AI-Based Phenome Data Analysis for Predicting the Onset of Major Diseases

May 12, 2026 updated by: Jae Yong Jeon, MD

This study aims to develop and validate an artificial intelligence (AI)-based predictive model to estimate the risk of incident onset of five major diseases or conditions: cardiovascular disease, type 2 diabetes mellitus, breast cancer, low back pain, and osteoarthritis, in adults aged 30 to 60 years.

For each participant, an index date will be defined as the date of a prior health screening or another protocol-defined baseline clinical date. Incident disease status for each target disease or condition will be ascertained by retrospective review of electronic medical records for up to 10 years after the index date.

The study integrates retrospective clinical, health screening, laboratory, imaging, and electronic medical record data with prospectively collected biospecimen, proteomic, genomic, questionnaire, lifestyle, and digital health data. Prospective study procedures will be completed over approximately 1 week, with up to 2 additional weeks if needed.

By combining multimodal data, this study seeks to improve disease risk prediction and to identify clinical and biological factors associated with disease onset, ultimately supporting personalized risk stratification and preventive healthcare strategies.

Study Overview

Detailed Description

This observational study aims to develop and validate an artificial intelligence (AI)-based predictive model for assessing the risk of incident onset of five major diseases or conditions: cardiovascular disease, type 2 diabetes mellitus, breast cancer, low back pain, and osteoarthritis, in adults aged 30 to 60 years.

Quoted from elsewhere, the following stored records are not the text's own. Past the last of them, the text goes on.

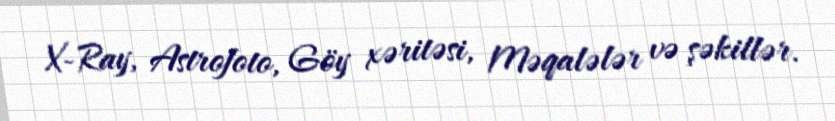
X-Ray, Astrofoto, Göy xəritəsi, Məqalələr və şəkillər.
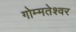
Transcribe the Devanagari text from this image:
गोम्मतेश्वर
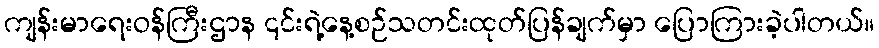
ကျန်းမာရေးဝန်ကြီးဌာန ၎င်းရဲ့နေ့စဉ်သတင်းထုတ်ပြန်ချက်မှာ ပြောကြားခဲ့ပါတယ်။
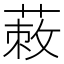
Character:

The study uses a hybrid retrospective and prospective data collection design. Retrospective clinical, health screening, laboratory, imaging, and electronic medical record data will be combined with prospectively collected biospecimen, proteomic, genomic, questionnaire, lifestyle, and digital health data.

For disease-onset analyses, an index date will be defined for each participant as the date of a prior health screening or another protocol-defined baseline clinical date. For each target disease or condition, participants without that target disease or condition at the index date will be classified as incident cases if a new diagnosis is identified in electronic medical records up to 10 years after the index date. Participants without a diagnosis of that target disease or condition through the available observation period will be classified as persistent controls. Disease occurrence will be ascertained through retrospective electronic medical record review rather than through new prospective long-term follow-up.

A total of approximately 1,000 participants will be enrolled. The disease group will include approximately 880 adults aged 30 to 60 years with a confirmed diagnosis of one or more of the five target diseases or conditions. The healthy control group will include approximately 120 adults aged 30 to 60 years without a prior diagnosis of any of the five target diseases or conditions.

Retrospective data collection will include medical records, health screening results, laboratory results, and imaging-related data. Prospective data collection will include blood samples for proteomic and genomic analyses, questionnaires, lifestyle and behavioral data, and digital health assessments. App-based questionnaires and digital assessments will be performed at home over approximately 7 days. If app-based sleep assessment or other digital assessments are not completed within this period, up to 2 additional weeks may be provided.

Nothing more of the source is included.